The GSEs are in the process of revising their eligibility requirements for private mortgage insurers. As part of this process, the FHFA released proposed PMIERs for public comment on July 10, 2014. The PMIERs, when finalized and adopted, will establish the new requirements that will be imposed on private mortgage insurers, including Radian Guaranty, to remain eligible insurers of mortgage loans purchased by the GSEs. The proposed PMIERs include the PMIERs Financial Requirements, which are expected to replace the capital adequacy standards under the current GSE eligibility requirements. The proposed PMIERs Financial Requirements require a mortgage insurer’s Available Assets to meet or exceed Minimum Required Assets that are calculated based on RIF and a variety of measures designed to evaluate credit quality. Among other things, the proposed PMIERs exclude from Available Assets: (i) an amount equal to Unearned Premium Reserves; and (ii) certain subsidiary capital, including Radian Guaranty’s capital that is attributable to its ownership of Radian Asset Assurance.

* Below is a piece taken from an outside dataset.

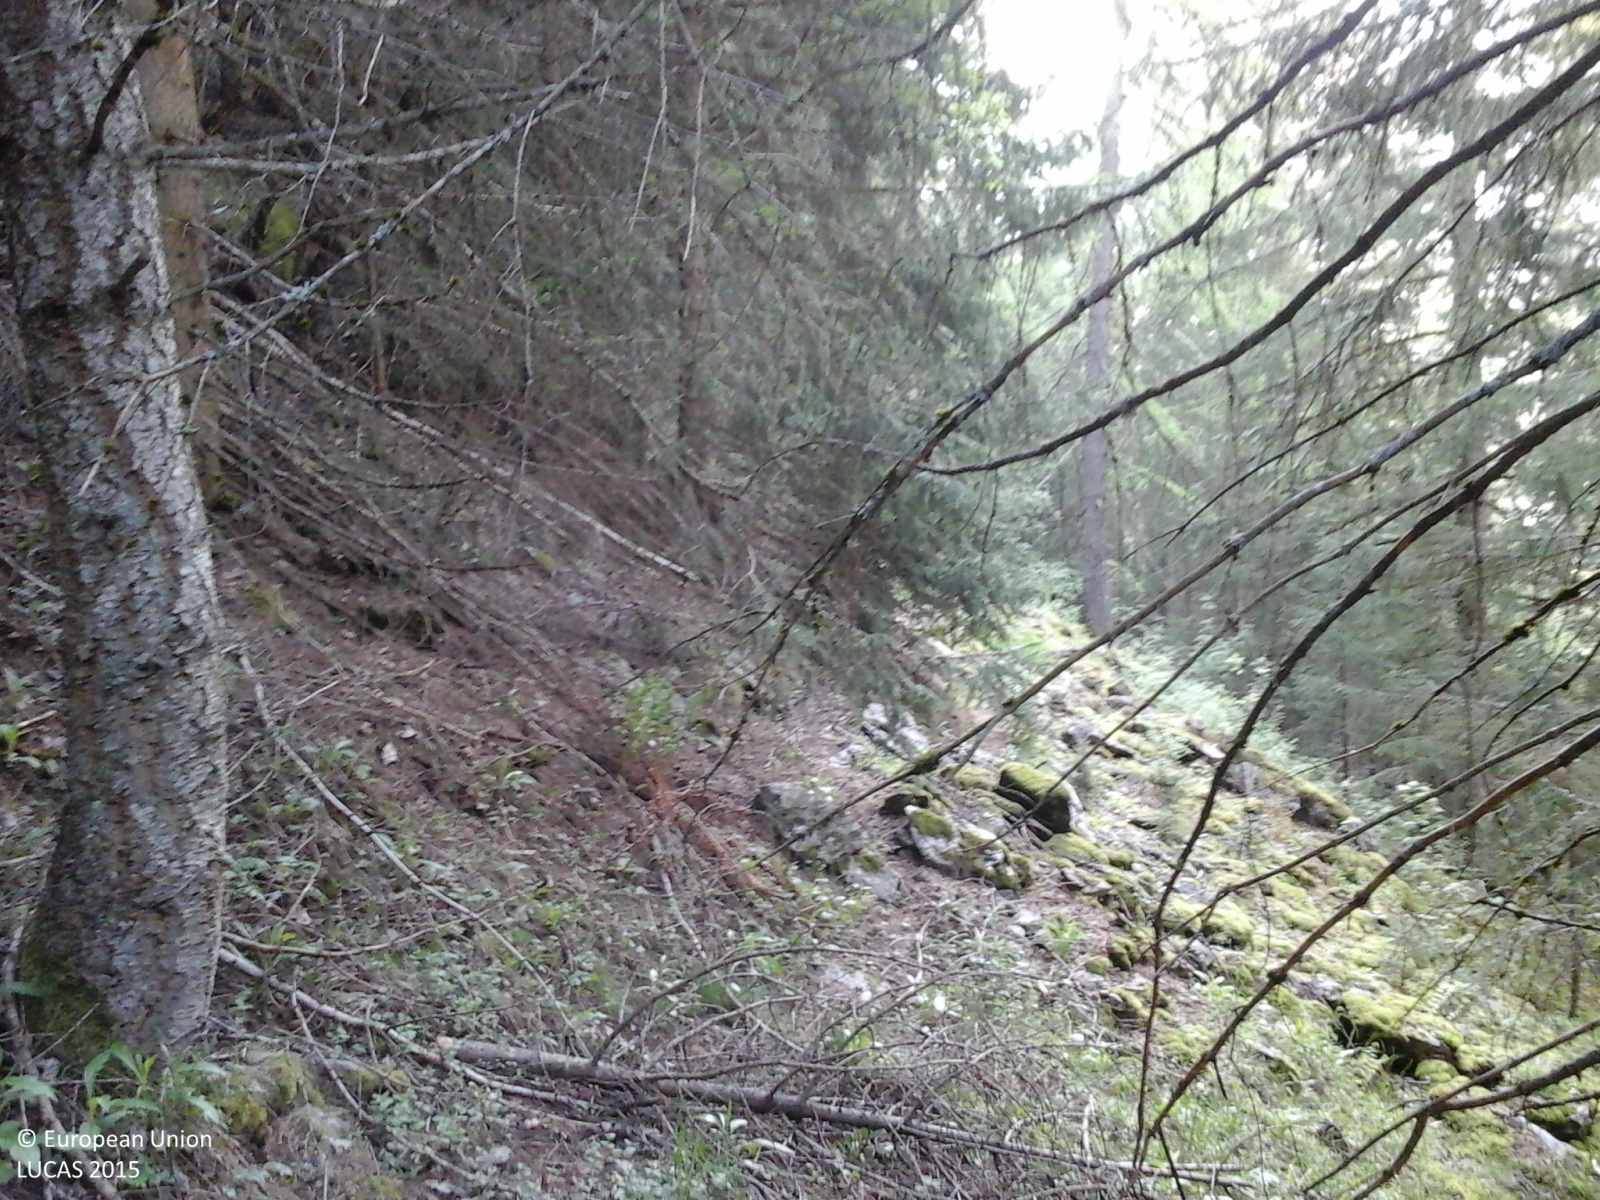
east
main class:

The public comment period for the proposed PMIERs ended on September 8, 2014. The FHFA is currently reviewing and considering input before adopting the final PMIERs. All aspects of the final PMIERs are expected to become effective 180 days after their final publication. It is anticipated that approved insurers who fail to meet the PMIERs Financial Requirements when they become effective would, at the discretion of the GSEs, be permitted to operate under a transition plan during an extended transition period of up to two years from the final publication date, and would continue to be eligible insurers during that period. We expect the final PMIERs to be published during the first half of 2015 and to be effective by December 31, 2015.

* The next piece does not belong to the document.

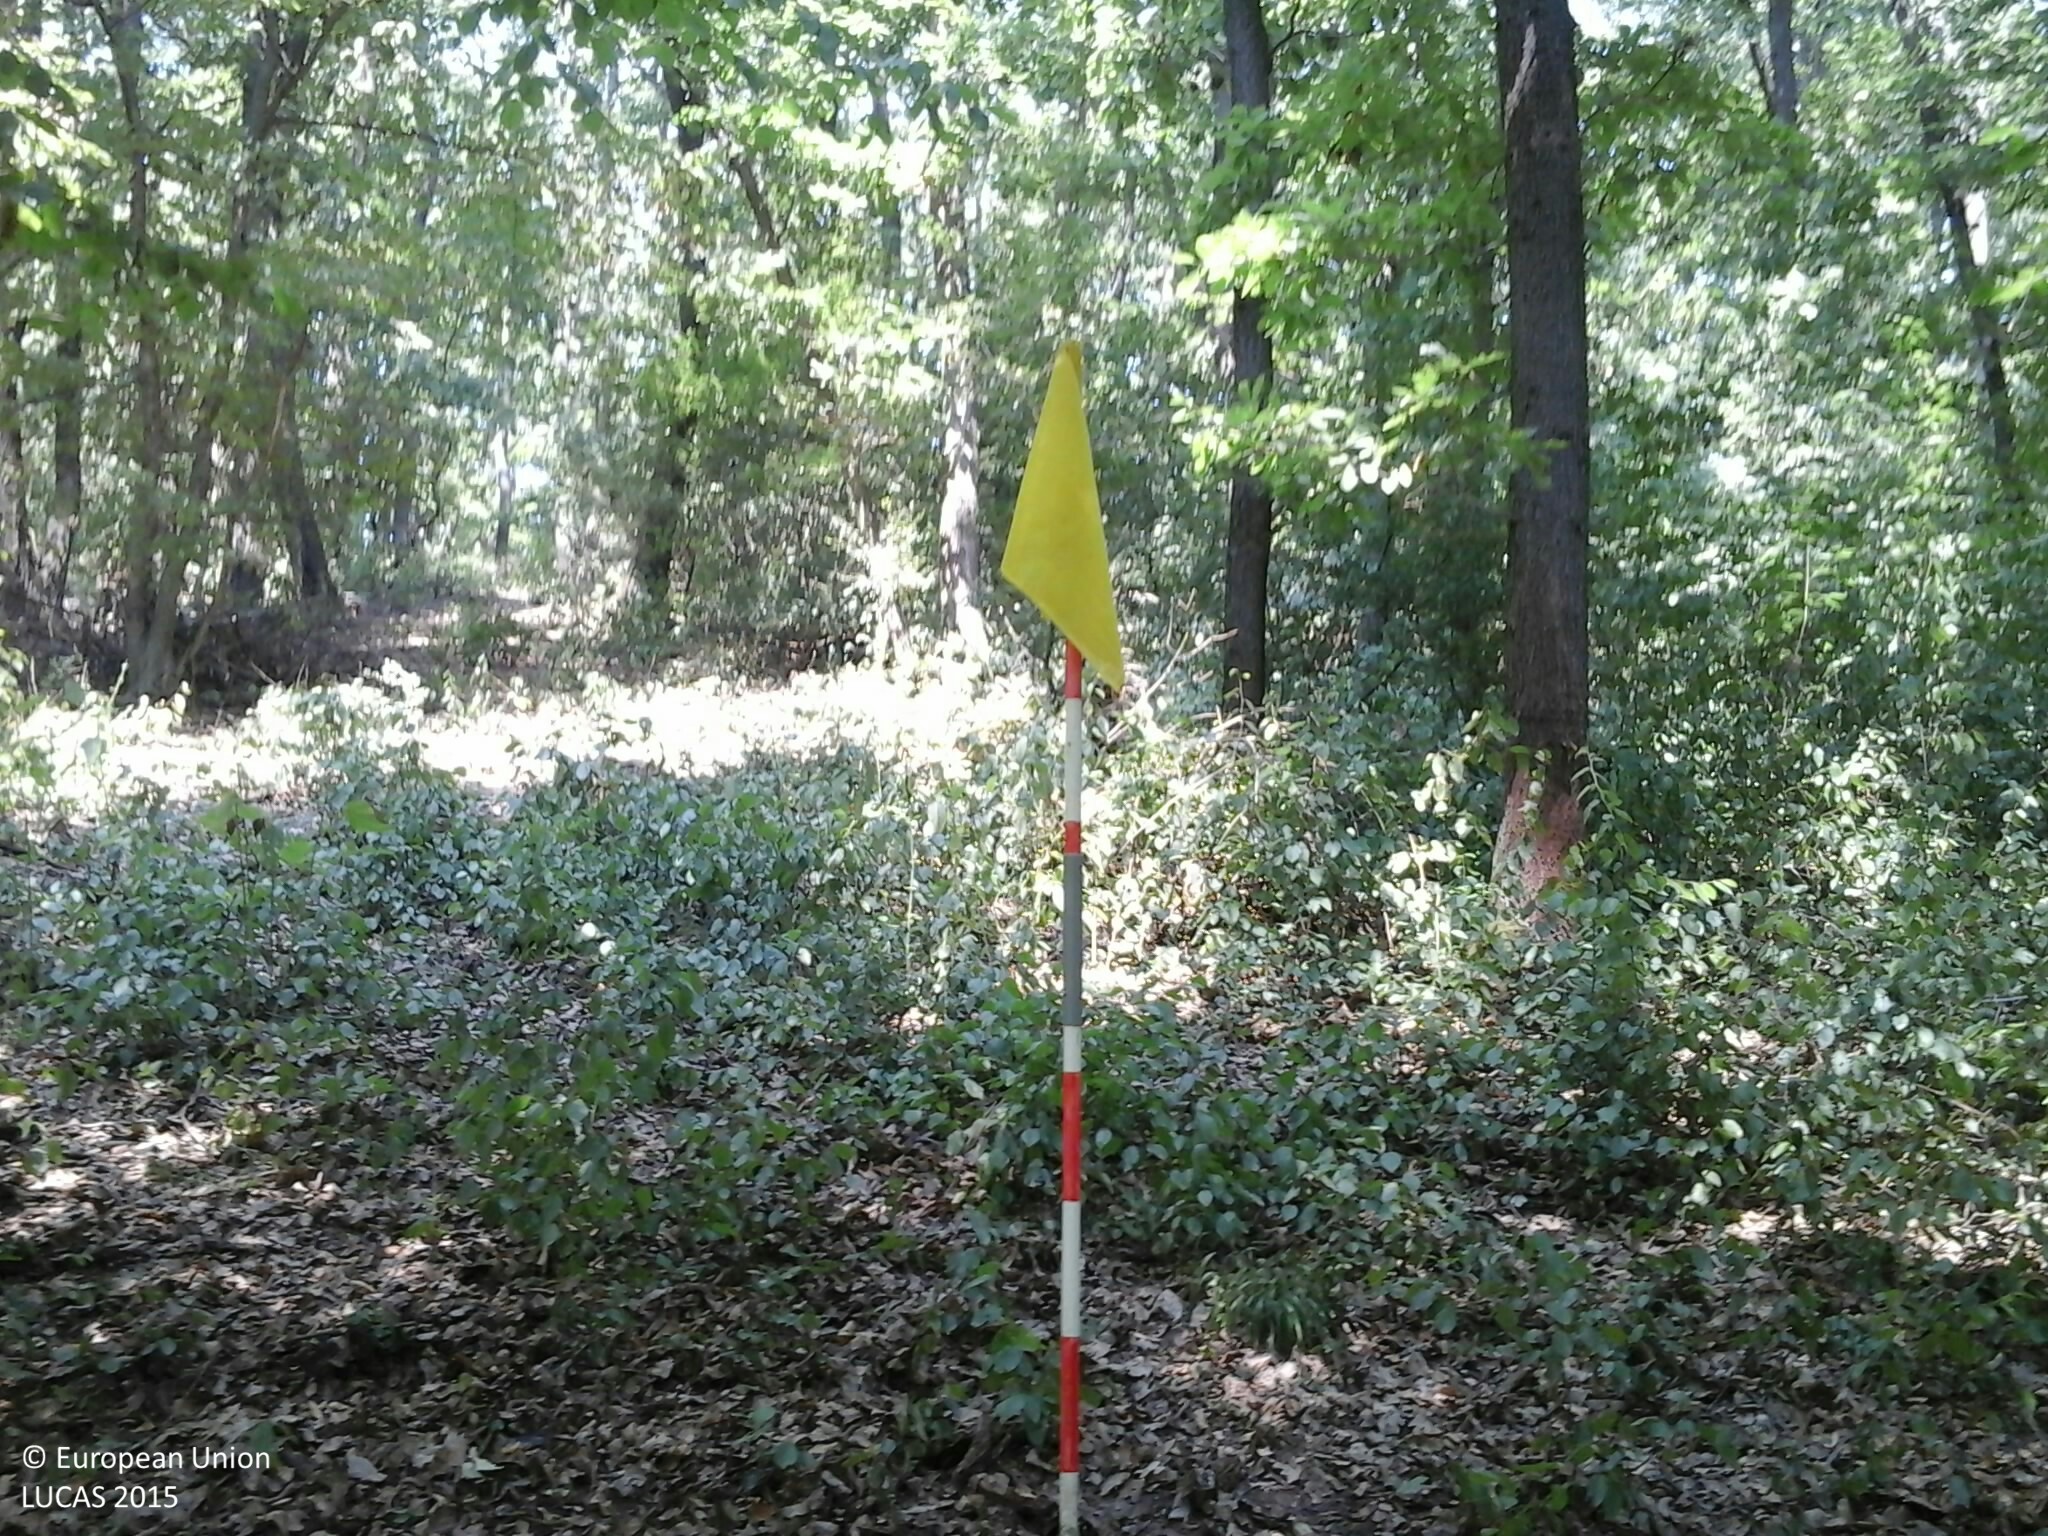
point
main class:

In order for Radian Guaranty to comply with the PMIERs Financial Requirements as proposed, we expect to contribute a substantial portion of our holding company cash and investments to Radian Guaranty, while maintaining a sufficient level of holding company cash and investments to carry out our business strategy, and also that we will be successful in: (1) completing the pending sale of Radian Asset Assurance to Assured pursuant to the Radian Asset Assurance Stock Purchase Agreement; and (2) leveraging other options such as commutations of existing risk or external reinsurance for a portion of our mortgage insurance RIF in a manner that provides capital relief and is compliant with the PMIERs. In the event we are unable to successfully execute these or similar transactions or strategies, or such transactions are not available on terms that are attractive to us, we may seek additional capital by incurring additional debt, by issuing additional equity, or by selling assets, which we may not be able to do on favorable terms, if at all.
The amount of capital or capital relief that may be required to comply with the PMIERs also may be impacted by: (1) the performance of our mortgage insurance business, including our level of defaults, the losses we incur on new or existing defaults and the amount and credit characteristics of new business we write, among other factors; and (2) changes in the final PMIERs Financial Requirements from their proposed form that impact the amount of Radian Guaranty’s Minimum Required Assets or its Available Assets.
Capital Stock Issuance
In May 2014, we issued 17.825 million shares of our common stock at a public offering price of $14.50 per share, and we received aggregate net proceeds of approximately $247.2 million after deducting underwriting discounts and commissions and offering expenses.
Risks and Uncertainties
Radian Group and its subsidiaries are subject to risks and uncertainties that could affect amounts reported in our financial statements in future periods. Our future performance and financial condition are subject to significant risks and uncertainties that could cause actual results to be materially different from our estimates and forward-looking statements.